La Libertad Avanza utiliza el caso de Venezuela para impulsar la Boleta Única en Buenos Aires

La situación política en Venezuela ha comenzado a tener un impacto en Argentina, especialmente en la provincia de Buenos Aires. La reciente intervención del gobernador Axel Kicillof, quien condenó la acción militar de Estados Unidos en Caracas, ha suscitado críticas de la oposición, que ha comenzado a utilizar este contexto para cuestionar su liderazgo. En este ambiente, La Libertad Avanza ha tomado la delantera al solicitar la implementación de la Boleta Única en Papel (BUP) en todas las provincias, incluida Buenos Aires, argumentando que el rechazo a esta medida avala prácticas antidemocráticas.
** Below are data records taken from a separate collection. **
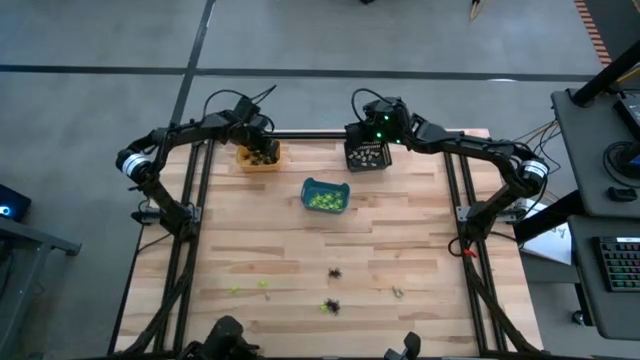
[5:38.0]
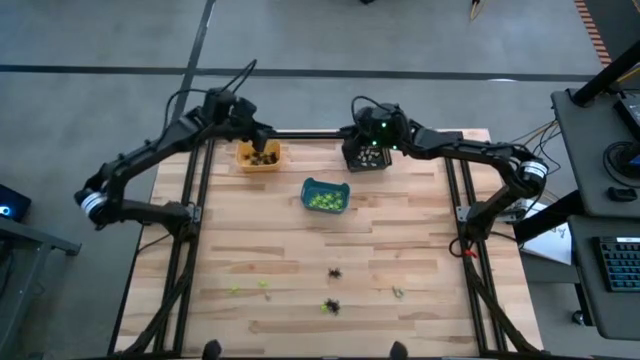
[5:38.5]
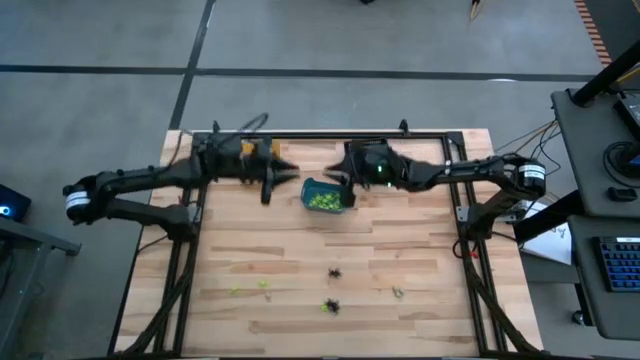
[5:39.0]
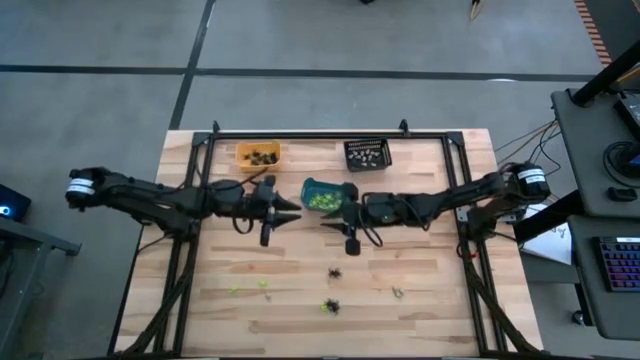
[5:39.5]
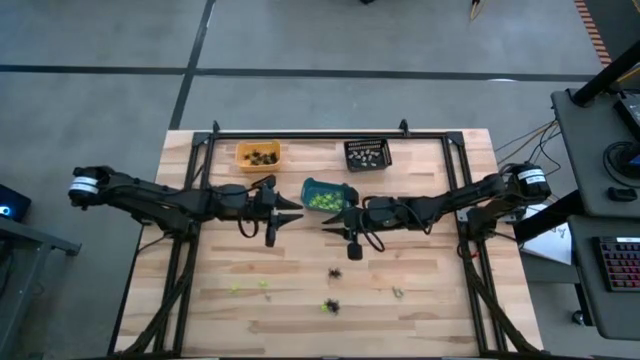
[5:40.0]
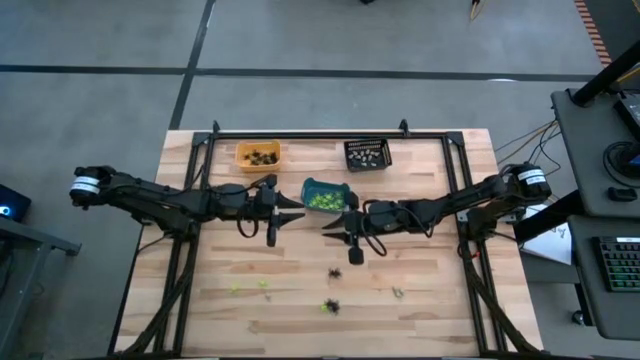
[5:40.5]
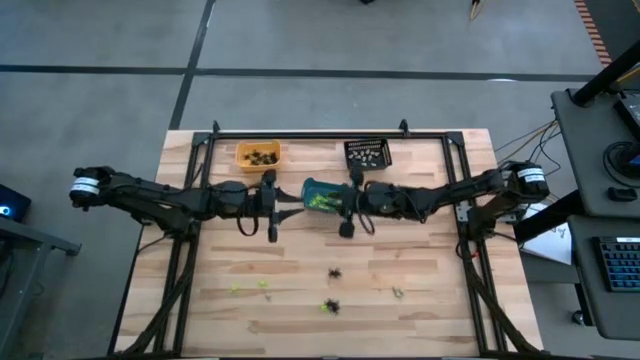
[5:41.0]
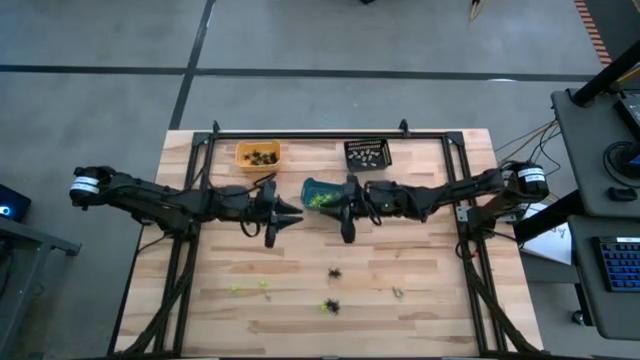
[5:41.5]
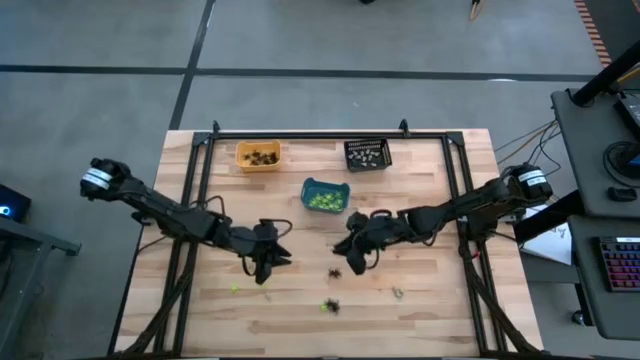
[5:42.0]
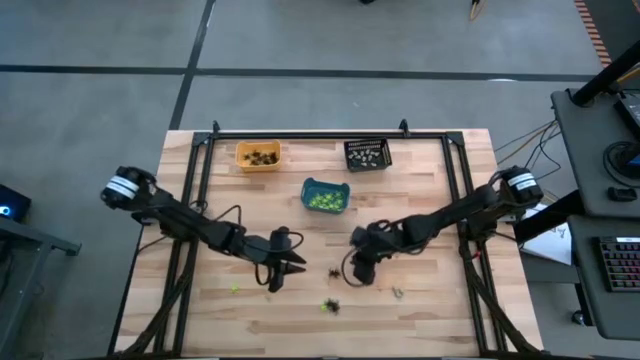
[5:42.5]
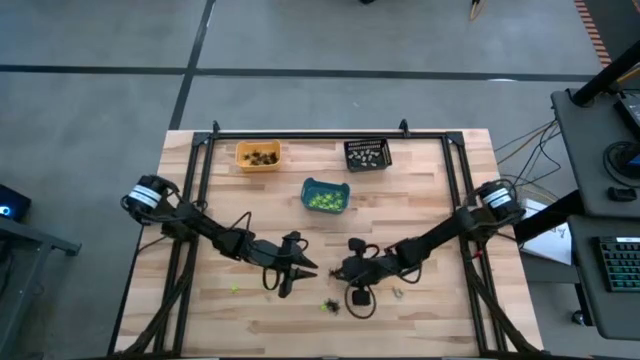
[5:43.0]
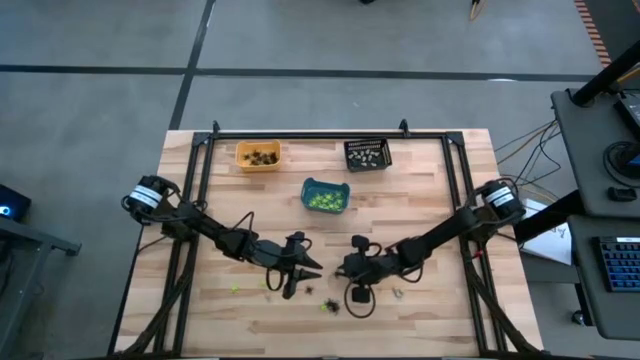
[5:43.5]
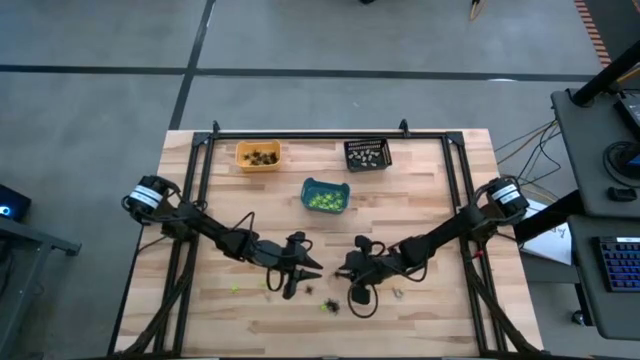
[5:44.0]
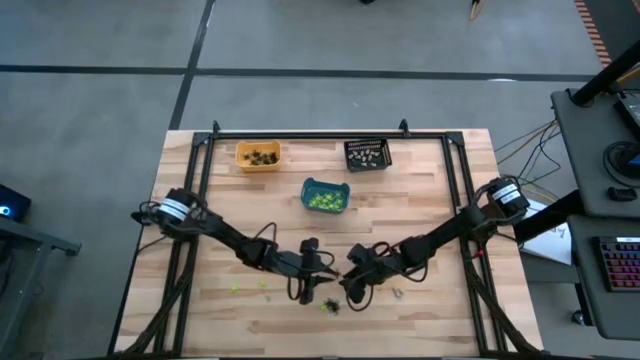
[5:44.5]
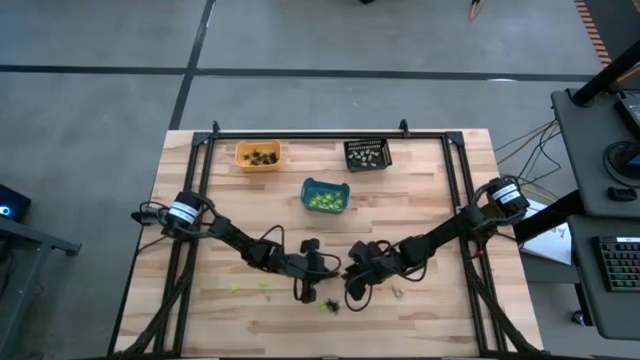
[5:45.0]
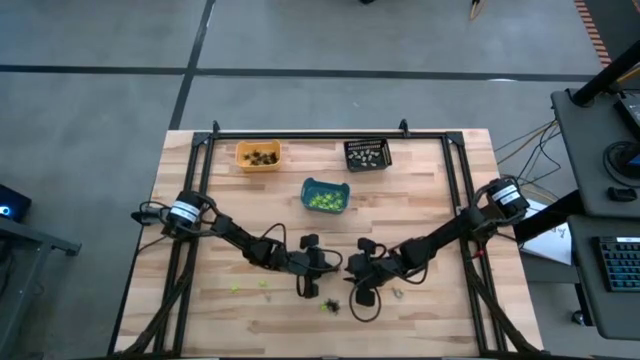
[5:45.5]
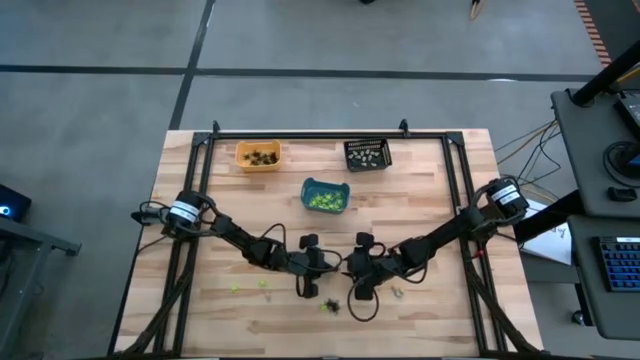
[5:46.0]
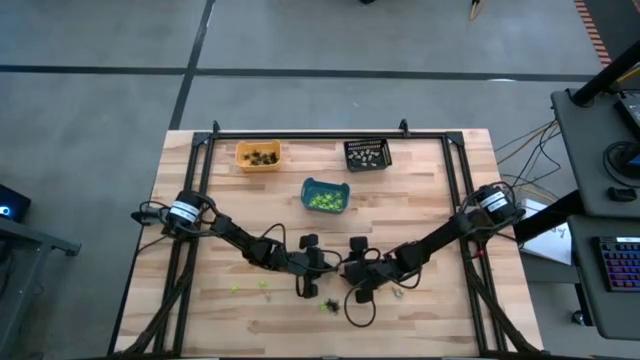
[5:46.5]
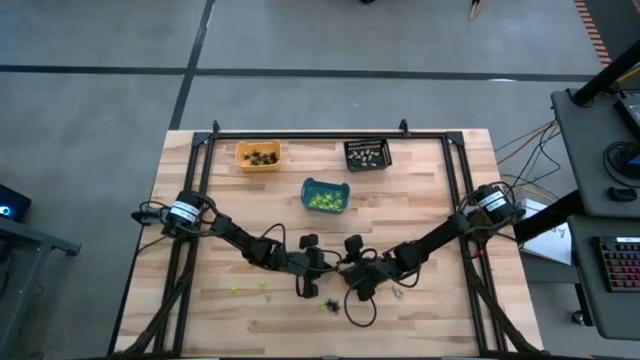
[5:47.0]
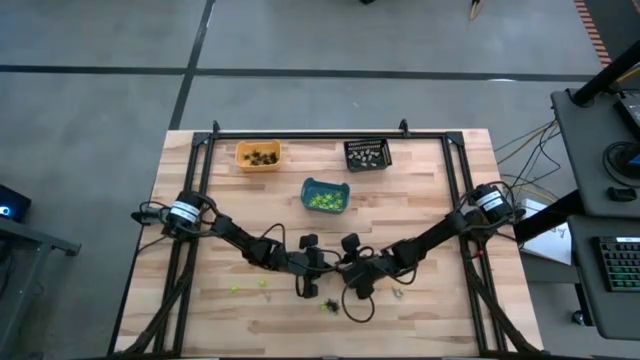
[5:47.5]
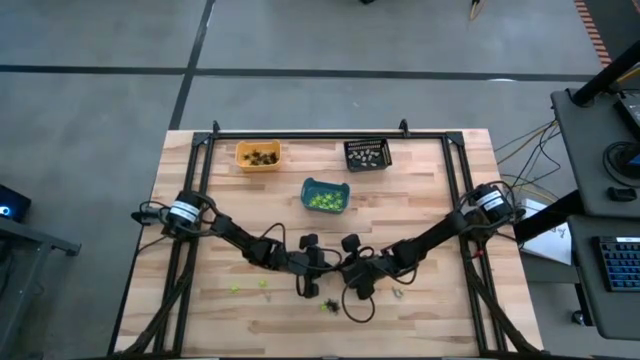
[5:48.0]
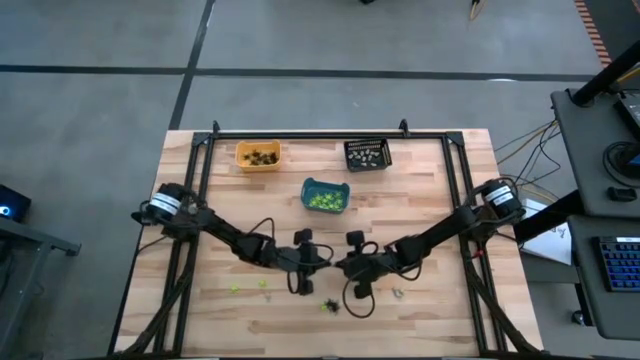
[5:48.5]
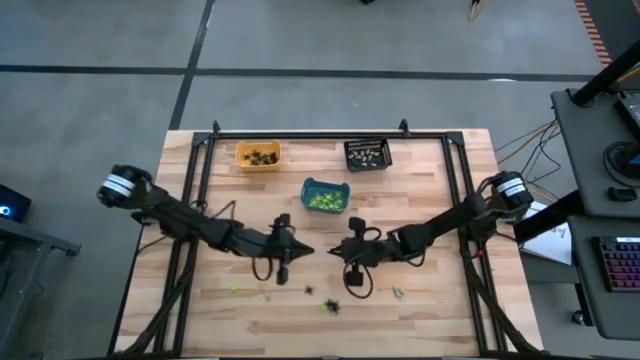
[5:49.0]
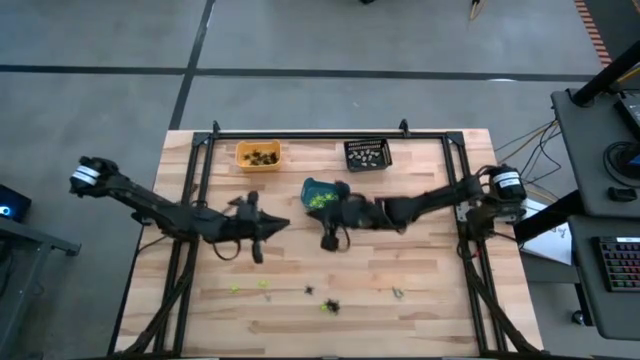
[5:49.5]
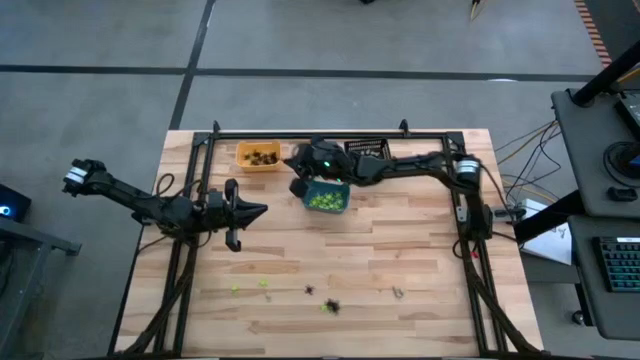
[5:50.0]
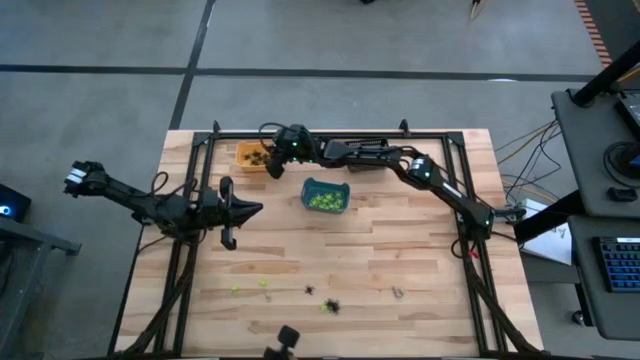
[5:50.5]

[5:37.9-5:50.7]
Task: Sort Halloween decoration
Put the black spider toy into the yellow bin

Martín Menem, presidente de la Cámara de Diputados, y Sebastián Pareja, líder de La Libertad Avanza en la provincia, han sido vocales en su apoyo a la BUP, afirmando que su implementación eliminaría las “trampas” del sistema actual que permite múltiples boletas partidarias en un mismo distrito. Según ellos, la Boleta Única proporcionaría un sistema de votación más ágil y transparente, contrastando con la postura del gobierno provincial, que defiende el modelo actual. Esta crítica se agrava en el contexto de la narrativa sobre Venezuela, donde se busca asociar a Kicillof con prácticas autoritarias.

Para avanzar en la legislación de la BUP, La Libertad Avanza necesitará un amplio apoyo en la Legislatura, dado que actualmente no cuenta con los votos necesarios. El partido busca formar acuerdos con otros bloques, incluyendo el PRO y la UCR, que anteriormente propusieron leyes similares. Sin embargo, el peronismo se mantiene unido en su oposición a este cambio, argumentando que el modelo actual ha permitido el éxito electoral de diversas fuerzas políticas, incluyendo al presidente Javier Milei.

Mientras La Libertad Avanza plantea un marco para la reforma política, el peronismo también podría considerar otras reformas, como la restitución de las reelecciones indefinidas de intendentes. No obstante, alcanzar un acuerdo que contemple tanto la BUP como otras demandas requerirá negociaciones complejas entre los diferentes actores políticos. En este contexto, los libertarios continúan criticando al peronismo por su resistencia a adoptar un sistema de votación más moderno y accesible, argumentando que su negativa perpetúa prácticas que van en contra de la democracia.